Segment Start: Listed entries
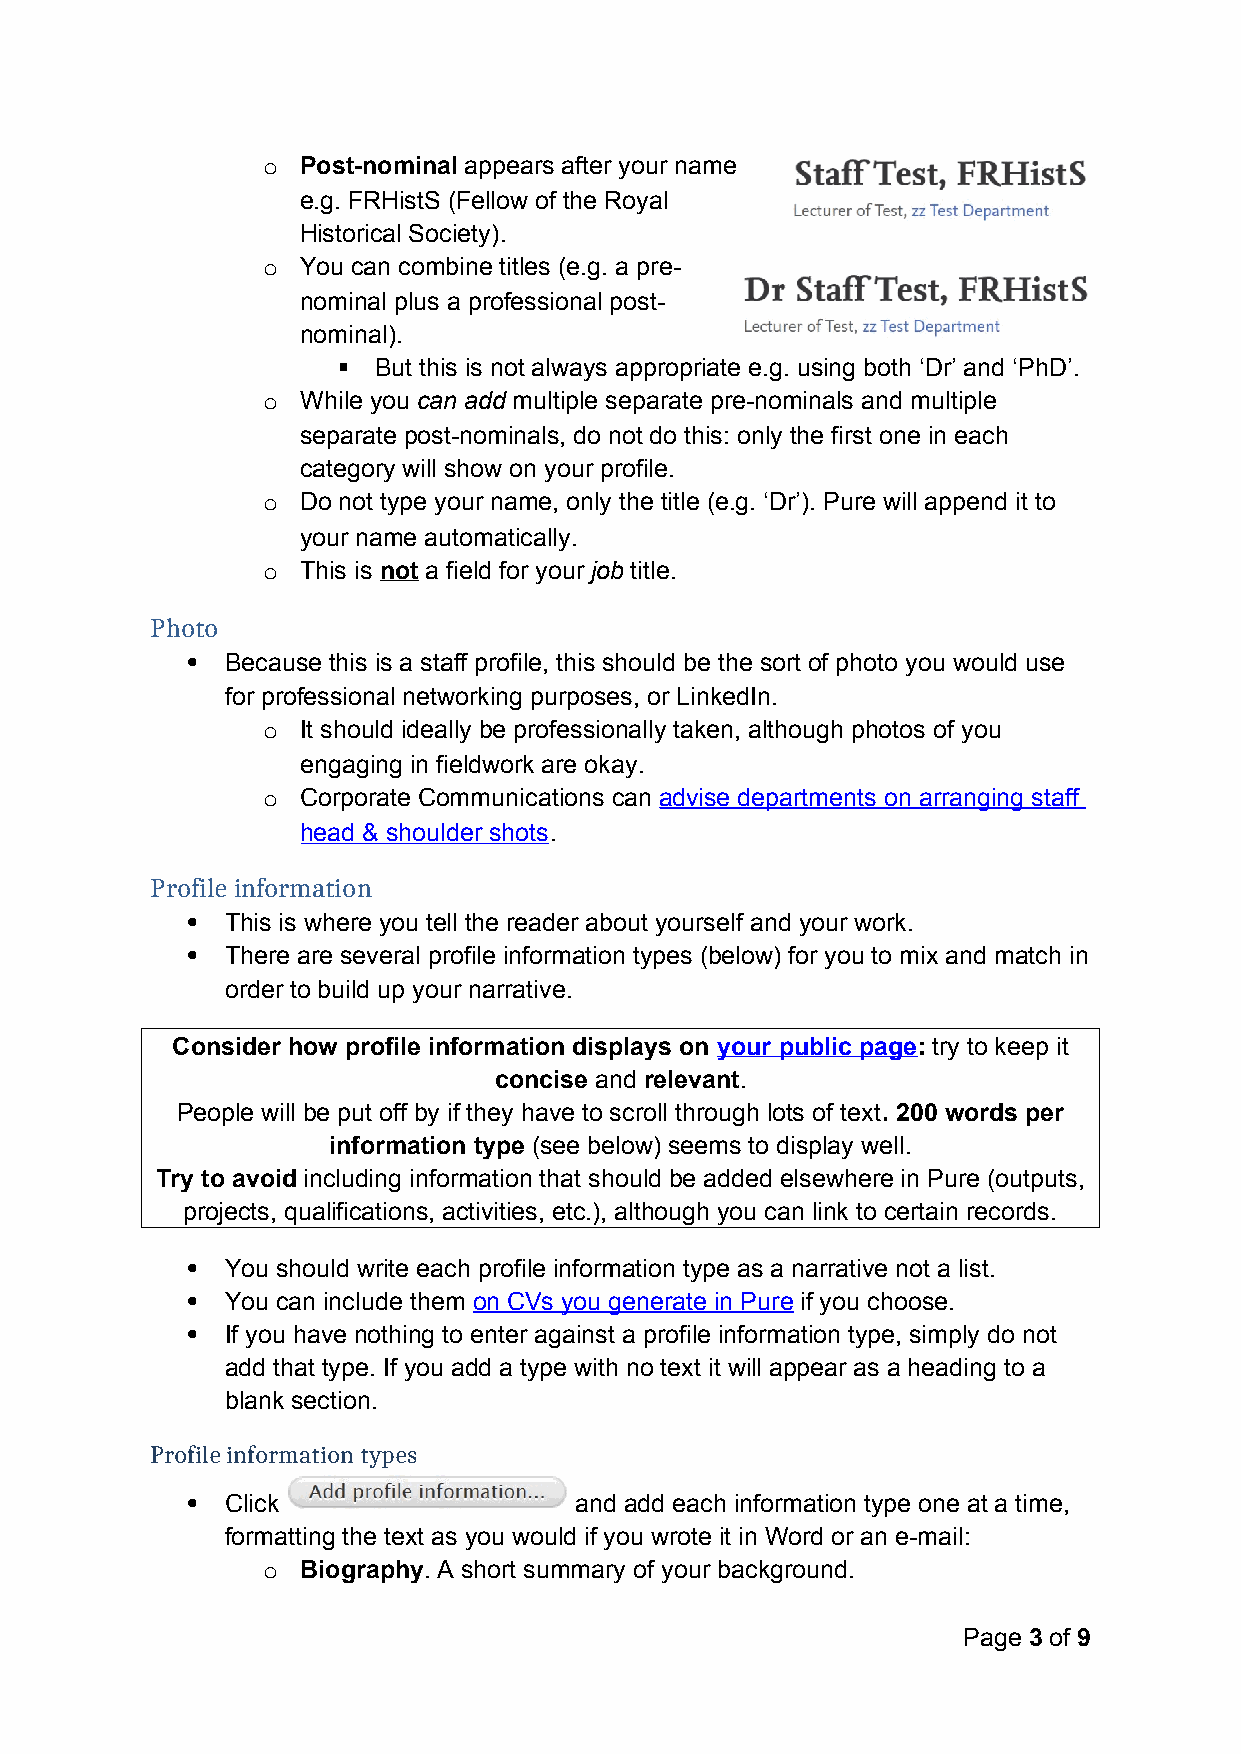
o  Post-nominal appears after your name
 e.g. FRHistS (Fellow of the Royal
 Historical Society).
 o  You can combine titles (e.g. a pre-
 nominal plus a professional post-
 nominal).
   But this is not always appropriate e.g. using both ‘Dr’ and ‘PhD’.
 o  While you can add multiple separate pre-nominals and multiple
 separate post-nominals, do not do this: only the first one in each
 category will show on your profile.
 o  Do not type your name, only the title (e.g. ‘Dr’). Pure will append it to
 your name automatically.
 o  This is not a field for your job title.
 Photo
   Because this is a staff profile, this should be the sort of photo you would use
 for professional networking purposes, or LinkedIn.
 o  It should ideally be professionally taken, although photos of you
 engaging in fieldwork are okay.
 o  Corporate Communications can advise departments on arranging staff
 head & shoulder shots.
 Profile information
   This is where you tell the reader about yourself and your work.
   There are several profile information types (below) for you to mix and match in
 order to build up your narrative.
 Consider how profile information displays on your public page: try to keep it
 concise and relevant.
 People will be put off by if they have to scroll through lots of text. 200 words per
 information type (see below) seems to display well.
 Try to avoid including information that should be added elsewhere in Pure (outputs,
 projects, qualifications, activities, etc.), although you can link to certain records.
   You should write each profile information type as a narrative not a list.
   You can include them on CVs you generate in Pure if you choose.
   If you have nothing to enter against a profile information type, simply do not
 add that type. If you add a type with no text it will appear as a heading to a
 blank section.
 Profile information types
   Click                  and add each information type one at a time,
 formatting the text as you would if you wrote it in Word or an e-mail:
 o  Biography. A short summary of your background.
 Page 3 of 9
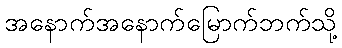
အနောက်အနောက်မြောက်ဘက်သို့
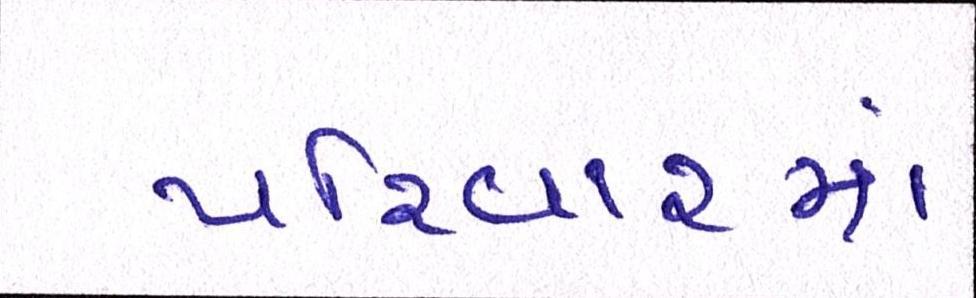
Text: પરિવારમાં
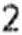
2
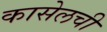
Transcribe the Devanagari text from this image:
कासेलची
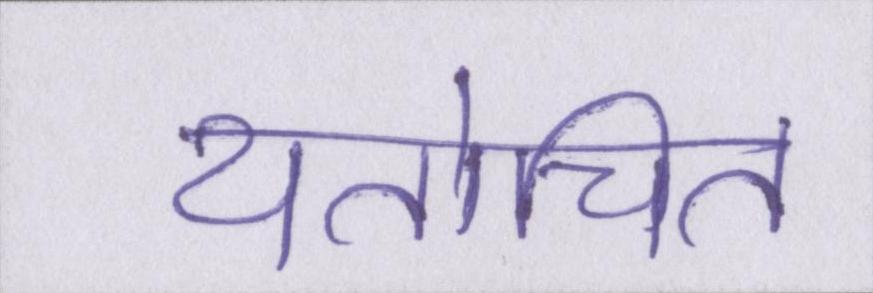
यतोचित
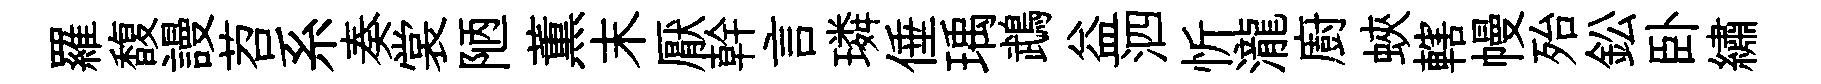
羅馥謾苕系奏裳陋薫末厭幹言璘倕瑀鵡益泗忻瀧廚蛺轄幔殆鈆卧繡
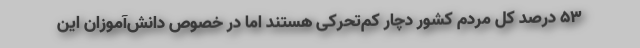
۵۳ درصد کل مردم کشور دچار کم‌تحرکی هستند اما در خصوص دانش‌آموزان این
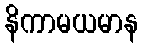
နိကာမယမာန
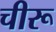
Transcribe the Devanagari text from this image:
चीरू
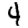
Digit: 4
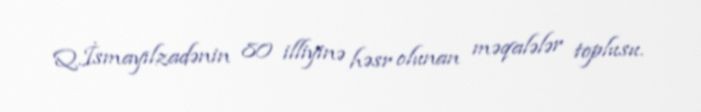
Q.İsmayılzadənin 80 illiyinə həsr olunan məqalələr toplusu.
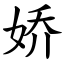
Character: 娇
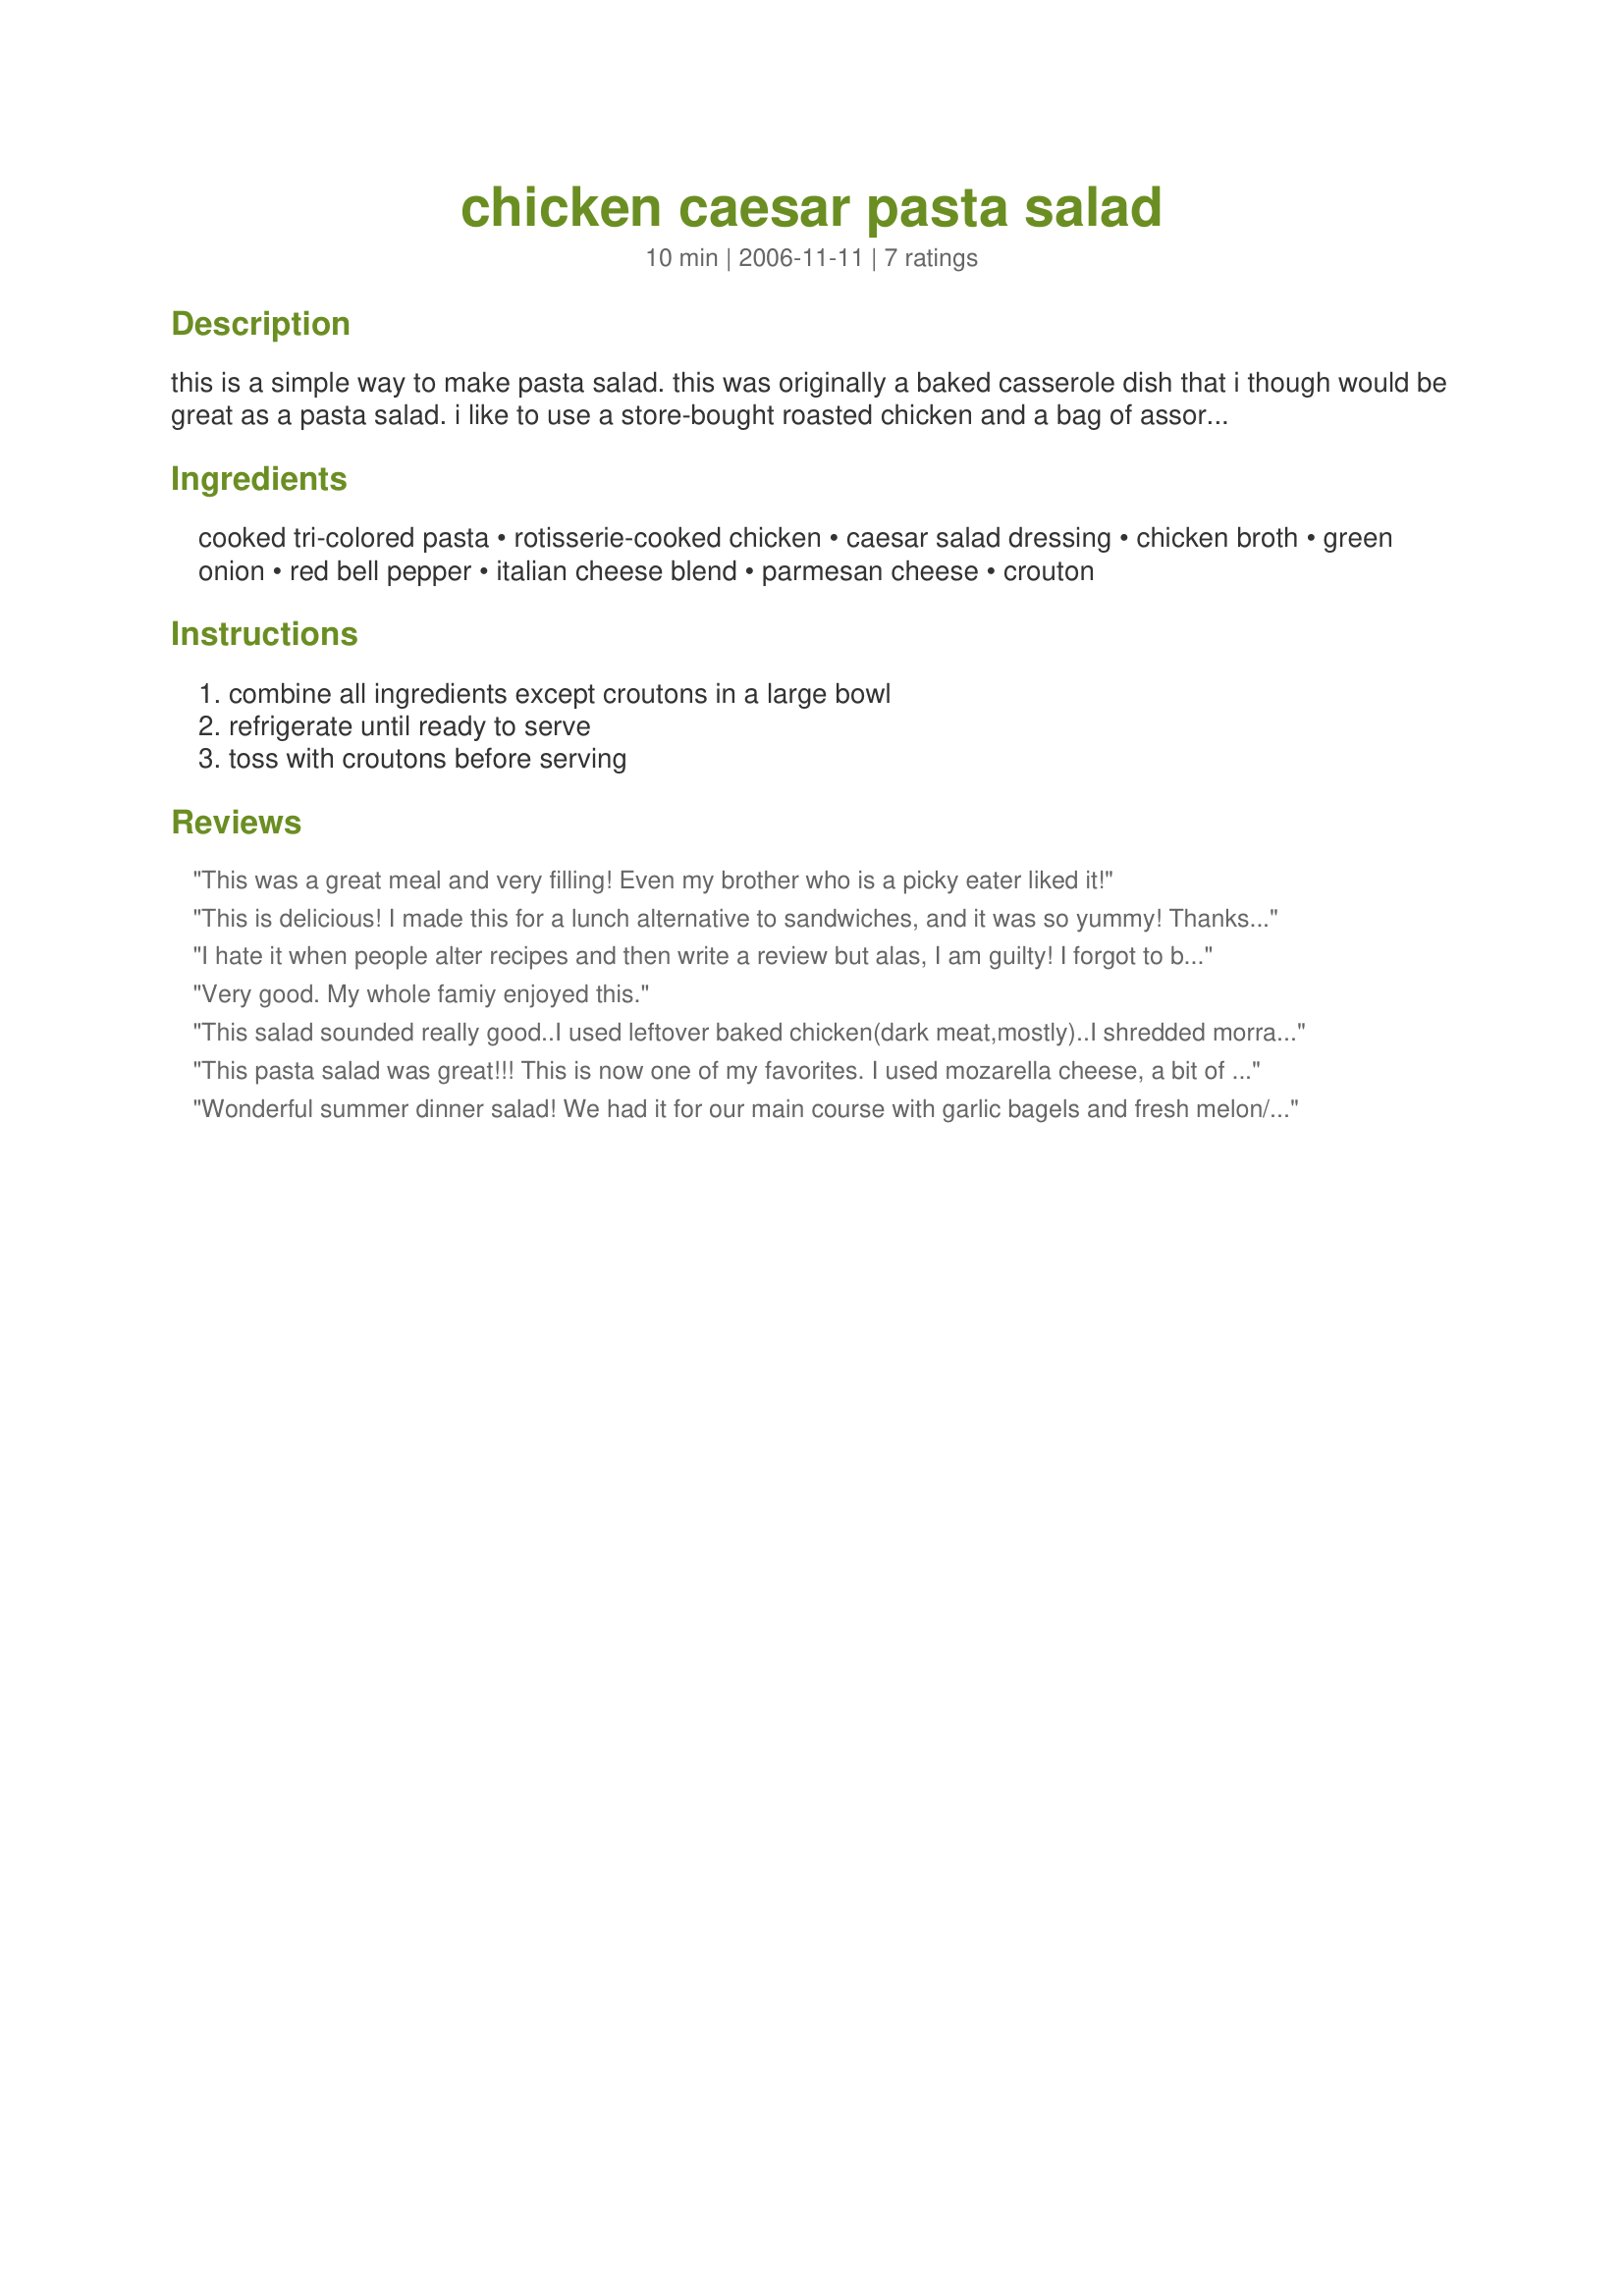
Segment End: Listed entries
Begin with the line containing "add that type." and end with the last line of the material above; return exactly those lines, both ends included, and omit all pictures.

 add that type. If you add a type with no text it will appear as a heading to a
 blank section.
 Profile information types
   Click                  and add each information type one at a time,
 formatting the text as you would if you wrote it in Word or an e-mail:
 o  Biography. A short summary of your background.
 Page 3 of 9
အနောက်အနောက်မြောက်ဘက်သို့
Text: પરિવારમાં
2
Transcribe the Devanagari text from this image:
कासेलची
यतोचित
羅馥謾苕系奏裳陋薫末厭幹言璘倕瑀鵡益泗忻瀧廚蛺轄幔殆鈆卧繡
۵۳ درصد کل مردم کشور دچار کم‌تحرکی هستند اما در خصوص دانش‌آموزان این
နိကာမယမာန
Transcribe the Devanagari text from this image:
चीरू
Digit: 4
Q.İsmayılzadənin 80 illiyinə həsr olunan məqalələr toplusu.
Character: 娇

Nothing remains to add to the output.